=== Records for the exercise ===

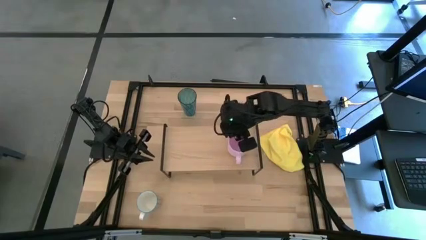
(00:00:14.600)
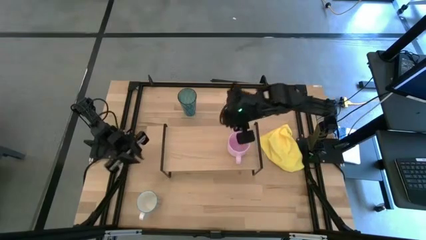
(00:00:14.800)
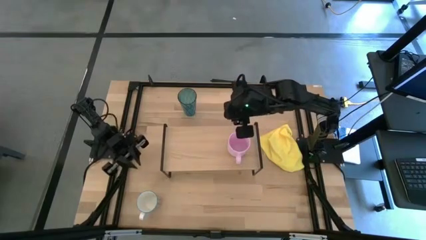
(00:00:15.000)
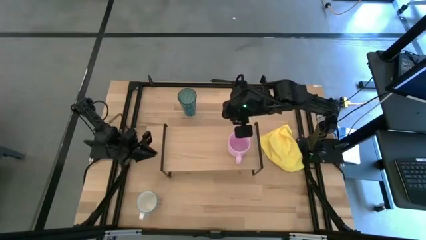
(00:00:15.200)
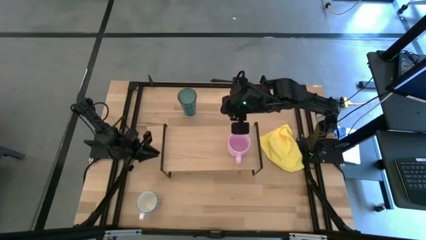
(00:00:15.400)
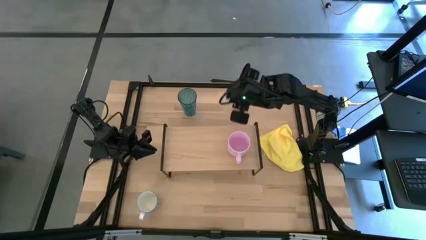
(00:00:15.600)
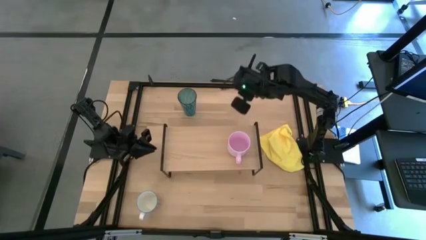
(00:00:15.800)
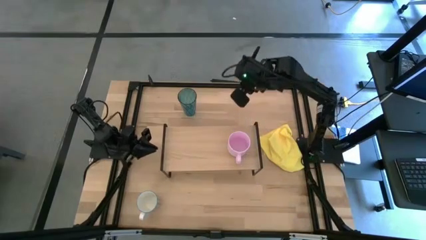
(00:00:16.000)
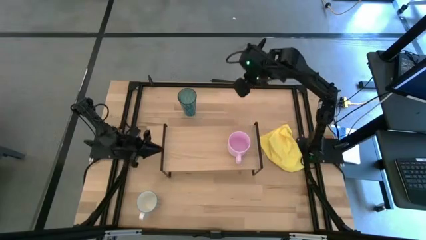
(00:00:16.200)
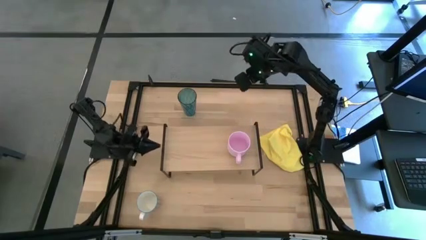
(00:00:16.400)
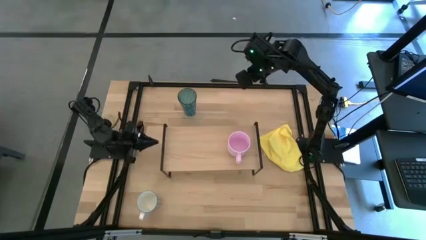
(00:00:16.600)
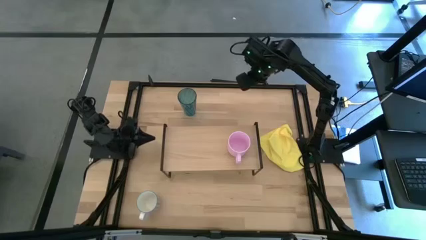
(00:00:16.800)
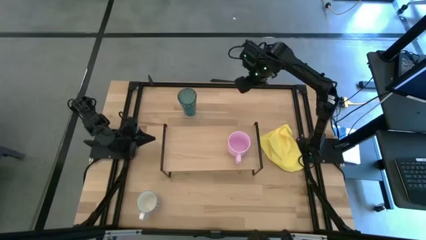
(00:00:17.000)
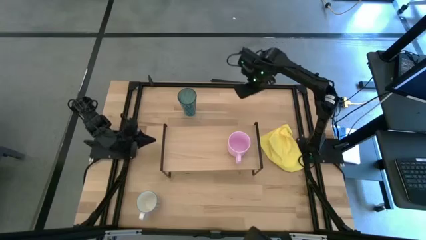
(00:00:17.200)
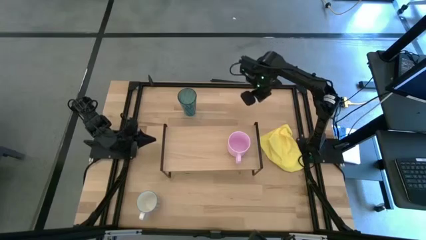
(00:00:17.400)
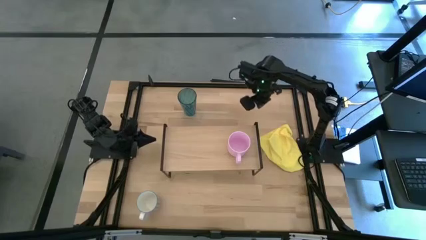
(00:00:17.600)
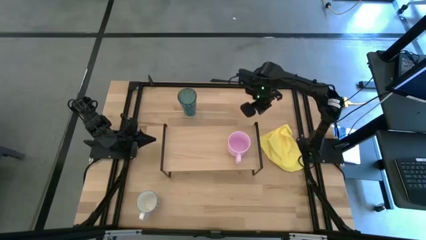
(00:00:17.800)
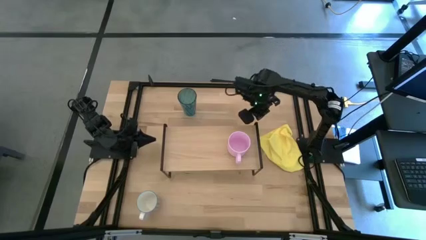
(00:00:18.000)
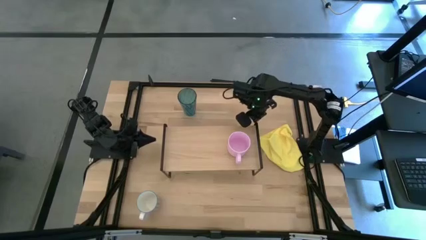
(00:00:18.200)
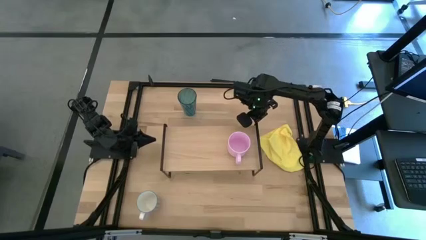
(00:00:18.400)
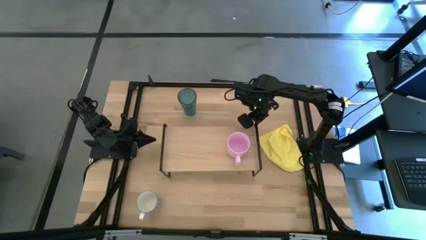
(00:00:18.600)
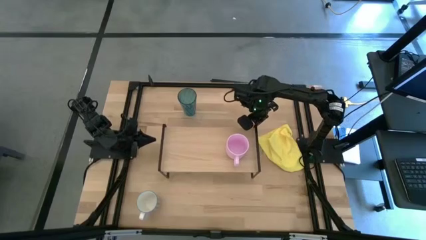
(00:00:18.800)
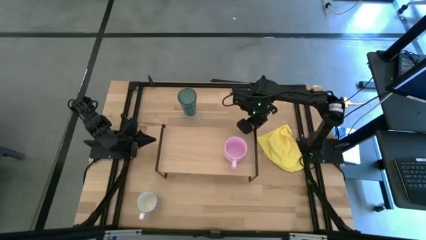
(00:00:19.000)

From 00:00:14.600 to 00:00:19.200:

===

▸ **What you have to do**: Down to the last line, set down the data above exactly, and omit all images.

▸ **Answer to this task**:
(00:00:14.600)
(00:00:14.800)
(00:00:15.000)
(00:00:15.200)
(00:00:15.400)
(00:00:15.600)
(00:00:15.800)
(00:00:16.000)
(00:00:16.200)
(00:00:16.400)
(00:00:16.600)
(00:00:16.800)
(00:00:17.000)
(00:00:17.200)
(00:00:17.400)
(00:00:17.600)
(00:00:17.800)
(00:00:18.000)
(00:00:18.200)
(00:00:18.400)
(00:00:18.600)
(00:00:18.800)
(00:00:19.000)

From 00:00:14.600 to 00:00:19.200:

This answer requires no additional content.